- Directed by: Ray Patterson
- Voices of: Henry Corden Mel Blanc Jean Vander Pyl Gay Autterson John Stephenson Frank Welker
- Country of origin: United States
- Original language: English

Production
- Executive producers: William Hanna Joseph Barbera
- Producer: Alex Lovy
- Running time: 30 minutes
- Production company: Hanna-Barbera Productions

Original release
- Network: NBC
- Release: October 11, 1981

Related
- Wind-Up Wilma; The Flintstones' 25th Anniversary Celebration;

= The Flintstones: Jogging Fever =

1981 Flintstones TV special

Jogging Fever is a 1981 animated television special and the fourth and final of The Flintstone Special limited-run prime time revival of The Flintstones produced by Hanna-Barbera Productions which premiered on NBC on October 11, 1981.

Jogging Fever was animated at Filman, an animation studio in Madrid, Spain (headed by Carlos Alfonso and Juan Pina) who did much animation work for Hanna-Barbera between the early 1970s through the mid-1980s. This was also notable for being the final television special to feature Hanna-Barbera's controversial studio-made laugh track, which was used throughout the 1970s.

==Summary==
After failing his annual physical, Fred wants to prove to everyone (including his boss Mr. Slate) that he is in shape, so he decides to become the first citizen of Bedrock to enter the Rockstone Marathon. He wants to become a local celebrity.

==Voice cast==
- Henry Corden as Fred Flintstone
- Mel Blanc as Barney Rubble
- Jean Vander Pyl as Wilma Flintstone, Pebbles Flintstone
- Gay Autterson as Betty Rubble
- John Stephenson as Frank Frankenstone, Mr.
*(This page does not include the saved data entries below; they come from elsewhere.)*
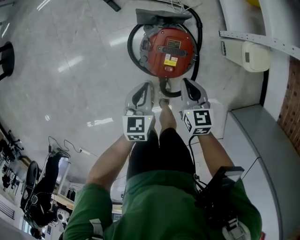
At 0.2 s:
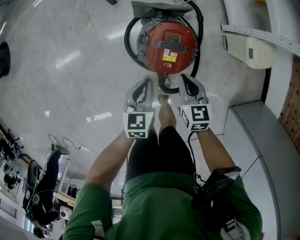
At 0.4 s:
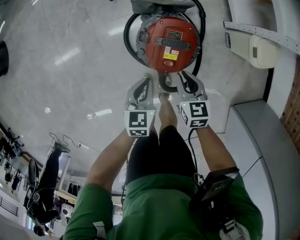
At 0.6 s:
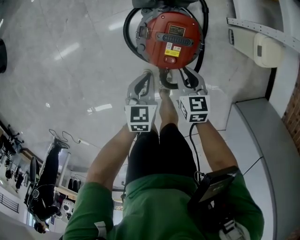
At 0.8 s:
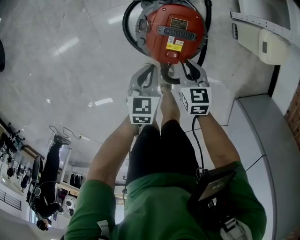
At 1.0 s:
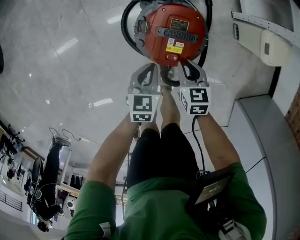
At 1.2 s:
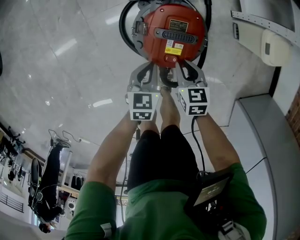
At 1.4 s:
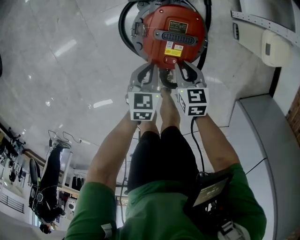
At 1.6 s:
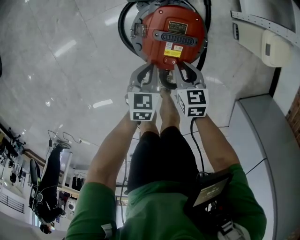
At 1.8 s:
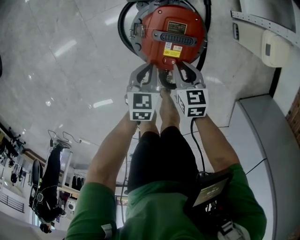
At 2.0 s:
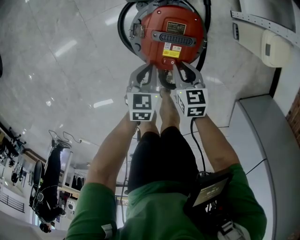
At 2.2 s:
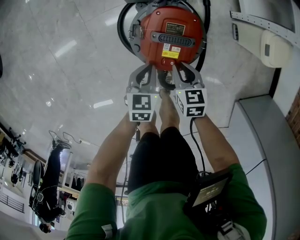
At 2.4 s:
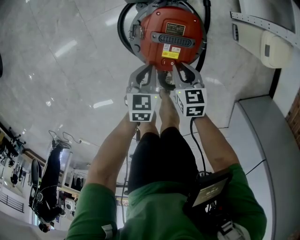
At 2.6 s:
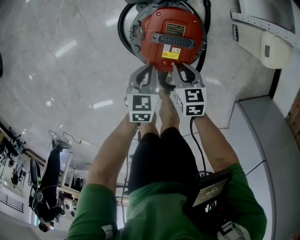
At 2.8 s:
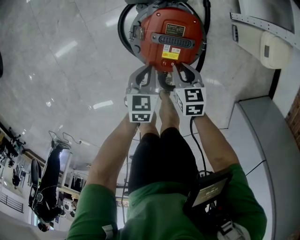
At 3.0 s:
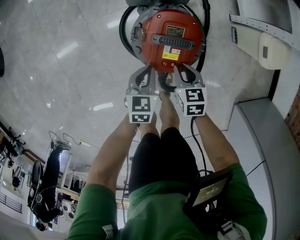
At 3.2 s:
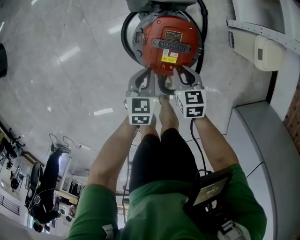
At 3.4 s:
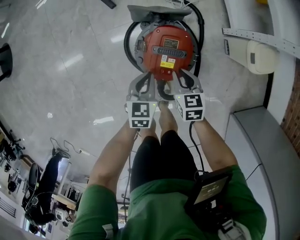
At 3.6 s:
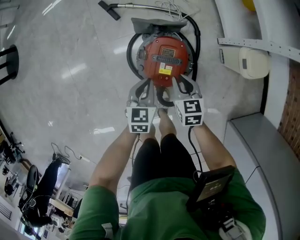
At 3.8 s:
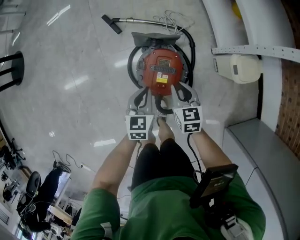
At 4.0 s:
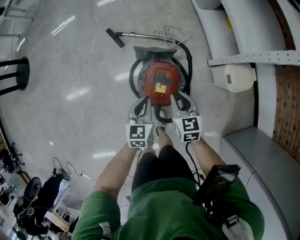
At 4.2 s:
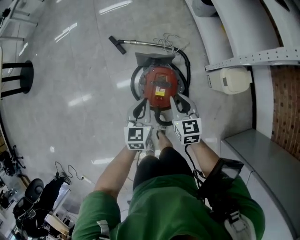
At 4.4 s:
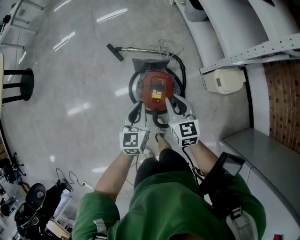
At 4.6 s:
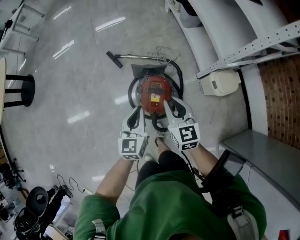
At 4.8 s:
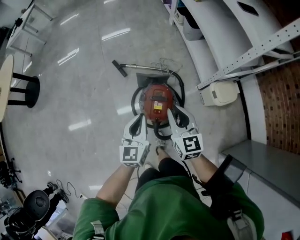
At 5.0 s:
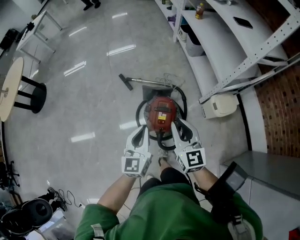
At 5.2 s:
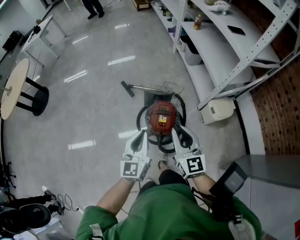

Slate
- Frank Welker as Creepy, Announcer, Dino
- Wayne Morton as Additional Voices

==Home media==
On October 9, 2012, Warner Archive released Jogging Fever on DVD in region 1 as part of their Hanna–Barbera Classics Collection, in a release entitled The Flintstones Prime-Time Specials Collection: Volume 2. It was a Manufacture-on-Demand release, available exclusively through Warner's online store and Amazon.com.